GayCityNews - Jersey State Commission Urges Marriage Equality Now

By: PAUL SCHINDLER
12/10/2008



In a report comprehensive in scope and sweeping in its conclusions, an official government commission in New Jersey recommended that the Legislature change state law "to allow same-sex couples to marry" and to do so "expeditiously because any delay in marriage equality will harm all the people of New Jersey."

The findings, released on the morning of December 10 and which ran to 45 pages plus appendices, were issued in the "final report" of the New Jersey Civil Union Review Commission, a 13-member body established when civil unions were enacted in late 2006. The Legislature adopted the civil union law in response to a State Supreme Court ruling that October mandating that New Jersey afford same-sex couples all the rights and benefits of marriage.

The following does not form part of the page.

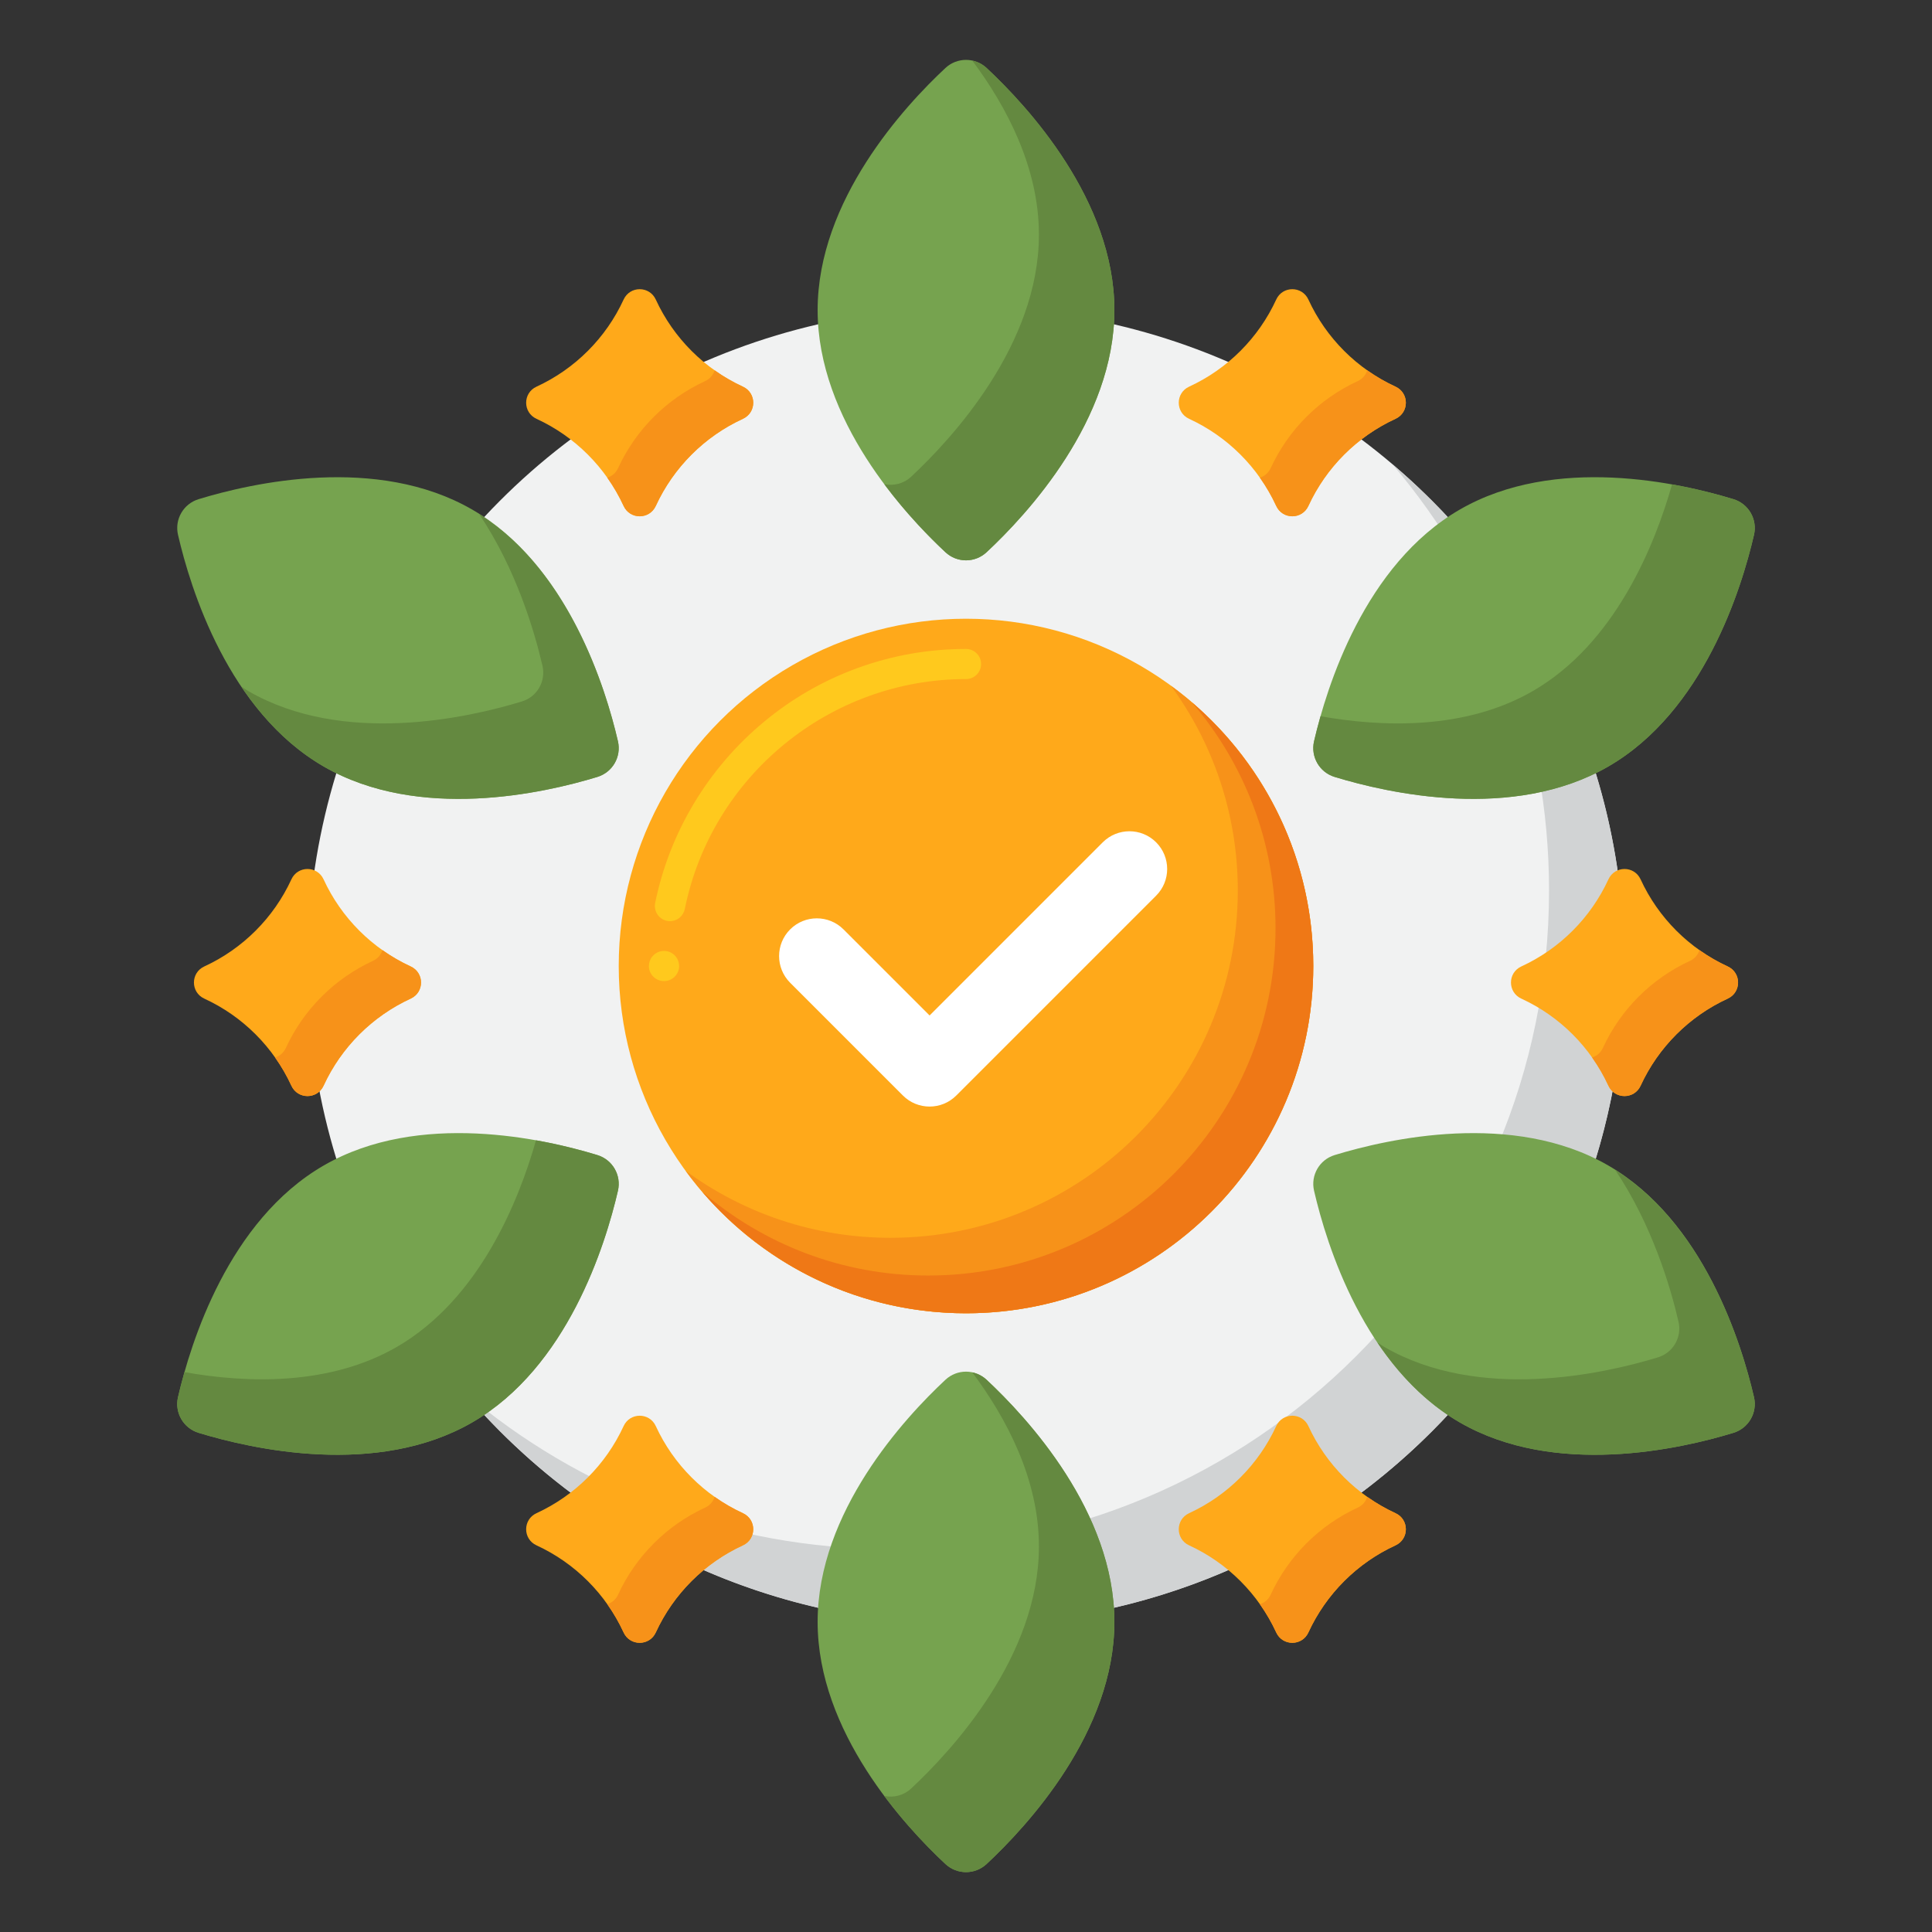 <svg xmlns="http://www.w3.org/2000/svg" width="512" viewBox="0 0 256 256" height="512" id="Layer_1"><rect x="0" y="0" width="256" height="256" fill="#333333" stroke="none"/><g><g><g><circle r="87.256" fill="#f1f2f2" cy="128" cx="128"></circle></g></g><g><g><path fill="#d1d3d4" d="m184.494 61.506c12.946 15.223 20.762 34.944 20.762 56.494 0 48.19-39.066 87.256-87.256 87.256-21.55 0-41.271-7.816-56.494-20.763 16.005 18.82 39.853 30.763 66.494 30.763 48.19 0 87.256-39.066 87.256-87.256 0-26.641-11.943-50.489-30.762-66.494z"></path></g></g><g><g><g><g><path fill="#76a34f" d="m130.729 182.829c-1.54-1.437-3.917-1.437-5.457 0-5.4 5.037-16.933 17.502-16.933 32.08 0 14.579 11.533 27.043 16.933 32.08 1.54 1.437 3.917 1.437 5.457 0 5.4-5.037 16.933-17.502 16.933-32.08s-11.533-27.043-16.933-32.08z"></path></g></g></g><g><g><path fill="#648940" d="m130.729 182.829c-.55-.513-1.209-.835-1.897-.982 4.56 6.108 8.83 14.192 8.83 23.062 0 14.578-11.533 27.043-16.933 32.08-.99.923-2.324 1.245-3.561.982 2.935 3.931 5.989 7.046 8.104 9.018 1.54 1.437 3.917 1.437 5.457 0 5.4-5.037 16.933-17.502 16.933-32.08s-11.533-27.043-16.933-32.08z"></path></g></g><g><g><g><path fill="#76a34f" d="m130.729 73.171c-1.54 1.437-3.917 1.437-5.457 0-5.4-5.037-16.933-17.502-16.933-32.08s11.533-27.043 16.933-32.08c1.54-1.437 3.917-1.437 5.457 0 5.4 5.037 16.933 17.502 16.933 32.08s-11.533 27.043-16.933 32.08z"></path></g></g></g><g><g><path fill="#648940" d="m130.729 9.01c-.55-.513-1.209-.835-1.897-.982 4.56 6.108 8.83 14.192 8.83 23.062 0 14.578-11.533 27.043-16.933 32.08-.99.923-2.324 1.245-3.561.982 2.935 3.931 5.989 7.046 8.104 9.018 1.54 1.437 3.917 1.437 5.457 0 5.4-5.037 16.933-17.502 16.933-32.08s-11.533-27.042-16.933-32.08z"></path></g></g></g><g><g><g><g><path fill="#76a34f" d="m174.119 98.222c-.474 2.052.714 4.111 2.729 4.726 7.063 2.158 23.624 5.914 36.249-1.376s17.653-23.509 19.316-30.705c.474-2.052-.714-4.111-2.729-4.726-7.063-2.158-23.624-5.914-36.249 1.376-12.626 7.29-17.654 23.51-19.316 30.705z"></path></g></g></g><g><g><path fill="#648940" d="m229.684 66.142c-2.03-.62-4.848-1.372-8.129-1.956-2.283 8.044-7.513 21.068-18.458 27.387-8.996 5.194-19.988 4.779-28.12 3.331-.35 1.235-.636 2.361-.858 3.318-.474 2.052.714 4.111 2.729 4.726 7.063 2.158 23.624 5.914 36.249-1.375s17.653-23.509 19.316-30.705c.473-2.052-.715-4.11-2.729-4.726z"></path></g></g><g><g><g><path fill="#76a34f" d="m79.152 153.051c2.014.616 3.203 2.674 2.729 4.726-1.662 7.195-6.69 23.416-19.316 30.705-12.625 7.289-29.186 3.534-36.249 1.376-2.014-.615-3.203-2.674-2.729-4.726 1.662-7.195 6.69-23.416 19.316-30.705s29.187-3.534 36.249-1.376z"></path></g></g></g><g><g><path fill="#648940" d="m79.152 153.051c-2.03-.62-4.848-1.372-8.129-1.956-2.283 8.045-7.513 21.068-18.458 27.387-8.996 5.194-19.987 4.779-28.12 3.331-.35 1.235-.636 2.361-.858 3.318-.474 2.052.714 4.111 2.729 4.726 7.063 2.158 23.624 5.914 36.249-1.376 12.625-7.289 17.654-23.509 19.316-30.705.474-2.051-.714-4.109-2.729-4.725z"></path></g></g></g><g><g><g><g><path fill="#76a34f" d="m79.152 102.949c2.014-.616 3.203-2.674 2.729-4.726-1.662-7.195-6.69-23.416-19.316-30.705s-29.186-3.534-36.249-1.376c-2.014.616-3.203 2.674-2.729 4.726 1.662 7.195 6.69 23.416 19.316 30.705s29.187 3.534 36.249 1.376z"></path></g></g></g><g><g><path fill="#648940" d="m81.881 98.222c-1.62-7.013-6.459-22.577-18.393-30.111 4.893 7.271 7.333 15.523 8.393 20.111.474 2.052-.714 4.111-2.729 4.726-7.063 2.158-23.624 5.914-36.249-1.375-.319-.184-.613-.398-.923-.594 2.781 4.133 6.347 7.952 10.923 10.594 12.625 7.289 29.187 3.534 36.249 1.375 2.015-.615 3.203-2.673 2.729-4.726z"></path></g></g><g><g><g><path fill="#76a34f" d="m174.119 157.778c-.474-2.052.714-4.111 2.729-4.726 7.063-2.158 23.624-5.914 36.249 1.376s17.653 23.509 19.316 30.705c.474 2.052-.714 4.111-2.729 4.726-7.063 2.158-23.624 5.914-36.249-1.376-12.626-7.29-17.654-23.51-19.316-30.705z"></path></g></g></g><g><g><path fill="#648940" d="m232.412 185.132c-1.62-7.013-6.459-22.577-18.393-30.111 4.893 7.271 7.333 15.523 8.393 20.111.474 2.052-.714 4.111-2.729 4.726-7.063 2.158-23.624 5.914-36.249-1.376-.32-.184-.613-.398-.923-.594 2.781 4.133 6.347 7.952 10.923 10.594 12.625 7.289 29.186 3.534 36.249 1.376 2.015-.616 3.203-2.674 2.729-4.726z"></path></g></g></g><g><g><g><circle r="46.015" fill="#ffa91a" cy="128" cx="128"></circle></g></g></g><g><g><path fill="#ffc91d" d="m87.99 130c-1.11 0-2.011-.9-2.011-2 0-.01.011-.01.011-.01 0-1.1.899-1.99 2-1.99 1.09 0 1.989.89 1.989 1.98.011.01.011.01.011.02 0 1.1-.9 2-2 2zm.79-7.94c-.131 0-.271-.02-.4-.04-1.08-.22-1.78-1.28-1.57-2.36 1.9-9.36 7.03-17.9 14.44-24.03 3.68-3.06 7.819-5.44 12.29-7.08 4.63-1.7 9.49-2.56 14.46-2.56 1.1 0 2 .89 2 2 0 1.1-.9 1.99-2 1.99h-.01c-18.021 0-33.681 12.82-37.25 30.47 0 .01-.011.01-.011.02-.189.92-1.009 1.59-1.949 1.59z"></path></g></g><g><g><path fill="#f79219" d="m155.147 90.853c5.572 7.611 8.868 16.992 8.868 27.147 0 25.413-20.602 46.015-46.015 46.015-10.155 0-19.536-3.297-27.147-8.868 8.372 11.436 21.888 18.868 37.147 18.868 25.413 0 46.015-20.602 46.015-46.015 0-15.258-7.432-28.775-18.868-37.147z"></path></g></g><g><g><path fill="#ef7816" d="m157.933 93.067c6.902 8.048 11.082 18.499 11.082 29.933 0 25.413-20.602 46.015-46.015 46.015-11.434 0-21.885-4.18-29.933-11.082 8.439 9.84 20.953 16.082 34.933 16.082 25.413 0 46.015-20.602 46.015-46.015 0-13.98-6.242-26.494-16.082-34.933z"></path></g></g><g><g><path fill="#fff" d="m123.176 146.626c-1.279 0-2.56-.488-3.535-1.464l-14.942-14.942c-1.953-1.953-1.953-5.119 0-7.071 1.951-1.952 5.119-1.952 7.07 0l11.407 11.407 22.946-22.946c1.951-1.952 5.119-1.952 7.07 0 1.953 1.953 1.953 5.119 0 7.071l-26.481 26.481c-.976.976-2.256 1.464-3.535 1.464z"></path></g></g><g><g><g><g><path fill="#ffa91a" d="m169.105 39.694c-2.34 5.09-6.449 9.199-11.539 11.539-1.832.842-1.832 3.423 0 4.265 5.09 2.34 9.199 6.448 11.539 11.539.842 1.832 3.423 1.832 4.265 0 2.34-5.09 6.449-9.199 11.539-11.539 1.832-.842 1.832-3.423 0-4.265-5.09-2.34-9.199-6.449-11.539-11.539-.843-1.833-3.423-1.833-4.265 0z"></path></g></g></g><g><g><g><path fill="#f79219" d="m184.908 51.233c-1.319-.606-2.568-1.336-3.741-2.166-.184.593-.598 1.126-1.259 1.43-5.09 2.34-9.199 6.448-11.539 11.539-.304.661-.837 1.075-1.43 1.259.83 1.173 1.559 2.422 2.166 3.741.842 1.832 3.423 1.832 4.265 0 2.34-5.09 6.449-9.199 11.539-11.539 1.831-.842 1.831-3.422-.001-4.264z"></path></g></g></g></g><g><g><g><g><path fill="#ffa91a" d="m213.124 116.519c-2.34 5.09-6.449 9.199-11.539 11.539-1.832.842-1.832 3.423 0 4.265 5.09 2.34 9.199 6.448 11.539 11.539.842 1.832 3.423 1.832 4.265 0 2.34-5.09 6.449-9.199 11.539-11.539 1.832-.842 1.832-3.423 0-4.265-5.09-2.34-9.199-6.449-11.539-11.539-.842-1.832-3.423-1.832-4.265 0z"></path></g></g></g><g><g><g><path fill="#f79219" d="m228.928 128.058c-1.319-.606-2.568-1.336-3.741-2.166-.184.593-.598 1.126-1.259 1.43-5.09 2.34-9.199 6.448-11.539 11.539-.304.661-.837 1.075-1.43 1.259.83 1.173 1.559 2.422 2.166 3.741.842 1.832 3.423 1.832 4.265 0 2.34-5.09 6.449-9.199 11.539-11.539 1.831-.841 1.831-3.421-.001-4.264z"></path></g></g></g></g><g><g><g><g><path fill="#ffa91a" d="m38.611 116.519c-2.34 5.09-6.449 9.199-11.539 11.539-1.832.842-1.832 3.423 0 4.265 5.09 2.34 9.199 6.448 11.539 11.539.842 1.832 3.423 1.832 4.265 0 2.34-5.09 6.449-9.199 11.539-11.539 1.832-.842 1.832-3.423 0-4.265-5.09-2.34-9.199-6.449-11.539-11.539-.842-1.832-3.423-1.832-4.265 0z"></path></g></g></g><g><g><g><path fill="#f79219" d="m54.415 128.058c-1.319-.606-2.568-1.336-3.741-2.166-.184.593-.598 1.126-1.259 1.43-5.09 2.34-9.199 6.448-11.539 11.539-.304.661-.837 1.075-1.43 1.259.83 1.173 1.559 2.422 2.166 3.741.842 1.832 3.423 1.832 4.265 0 2.34-5.09 6.449-9.199 11.539-11.539 1.831-.841 1.831-3.421-.001-4.264z"></path></g></g></g></g><g><g><g><g><path fill="#ffa91a" d="m82.631 188.964c-2.34 5.09-6.449 9.199-11.539 11.539-1.832.842-1.832 3.423 0 4.265 5.09 2.34 9.199 6.448 11.539 11.539.842 1.832 3.423 1.832 4.265 0 2.34-5.09 6.449-9.199 11.539-11.539 1.832-.842 1.832-3.423 0-4.265-5.09-2.34-9.199-6.449-11.539-11.539-.843-1.832-3.423-1.832-4.265 0z"></path></g></g></g><g><g><g><path fill="#f79219" d="m98.434 200.503c-1.319-.606-2.568-1.336-3.741-2.166-.184.593-.598 1.126-1.259 1.43-5.09 2.34-9.199 6.448-11.539 11.539-.304.661-.837 1.075-1.43 1.259.83 1.173 1.559 2.422 2.166 3.741.842 1.832 3.423 1.832 4.265 0 2.34-5.09 6.449-9.199 11.539-11.539 1.832-.842 1.832-3.422-.001-4.264z"></path></g></g></g></g><g><g><g><g><path fill="#ffa91a" d="m82.631 39.694c-2.34 5.09-6.449 9.199-11.539 11.539-1.832.842-1.832 3.423 0 4.265 5.09 2.34 9.199 6.448 11.539 11.539.842 1.832 3.423 1.832 4.265 0 2.34-5.09 6.449-9.199 11.539-11.539 1.832-.842 1.832-3.423 0-4.265-5.09-2.34-9.199-6.449-11.539-11.539-.843-1.833-3.423-1.833-4.265 0z"></path></g></g></g><g><g><g><path fill="#f79219" d="m98.434 51.233c-1.319-.606-2.568-1.336-3.741-2.166-.184.593-.598 1.126-1.259 1.43-5.09 2.34-9.199 6.448-11.539 11.539-.304.661-.837 1.075-1.43 1.259.83 1.173 1.559 2.422 2.166 3.741.842 1.832 3.423 1.832 4.265 0 2.34-5.09 6.449-9.199 11.539-11.539 1.832-.842 1.832-3.422-.001-4.264z"></path></g></g></g></g><g><g><g><g><path fill="#ffa91a" d="m169.105 188.964c-2.34 5.09-6.449 9.199-11.539 11.539-1.832.842-1.832 3.423 0 4.265 5.09 2.34 9.199 6.448 11.539 11.539.842 1.832 3.423 1.832 4.265 0 2.34-5.09 6.449-9.199 11.539-11.539 1.832-.842 1.832-3.423 0-4.265-5.09-2.34-9.199-6.449-11.539-11.539-.843-1.832-3.423-1.832-4.265 0z"></path></g></g></g><g><g><g><path fill="#f79219" d="m184.908 200.503c-1.319-.606-2.568-1.336-3.741-2.166-.184.593-.598 1.126-1.259 1.43-5.09 2.34-9.199 6.448-11.539 11.539-.304.661-.837 1.075-1.43 1.259.83 1.173 1.559 2.422 2.166 3.741.842 1.832 3.423 1.832 4.265 0 2.34-5.09 6.449-9.199 11.539-11.539 1.831-.842 1.831-3.422-.001-4.264z"></path></g></g></g></g></g></svg>

Gay City News received an advance copy of the report on December 9.

The Review Commission was created to monitor the effectiveness of the civil union law in meeting the mandate laid out by the high court, and its establishment represented a significant consolation prize for Garden State Equality, New Jersey's LGBT rights lobby group, which had unsuccessfully pressed the Legislature and Democratic Governor Jon Corzine to enact a marriage equality law in response to the court ruling. At the time, the governor and legislative leaders were not publicly antagonistic toward full marriage equality, but argued that a civil union law should first be given a chance to meet the court mandate.

The Review Commission decisively found that the law fell short in addressing the equality requirements of the Supreme Court ruling.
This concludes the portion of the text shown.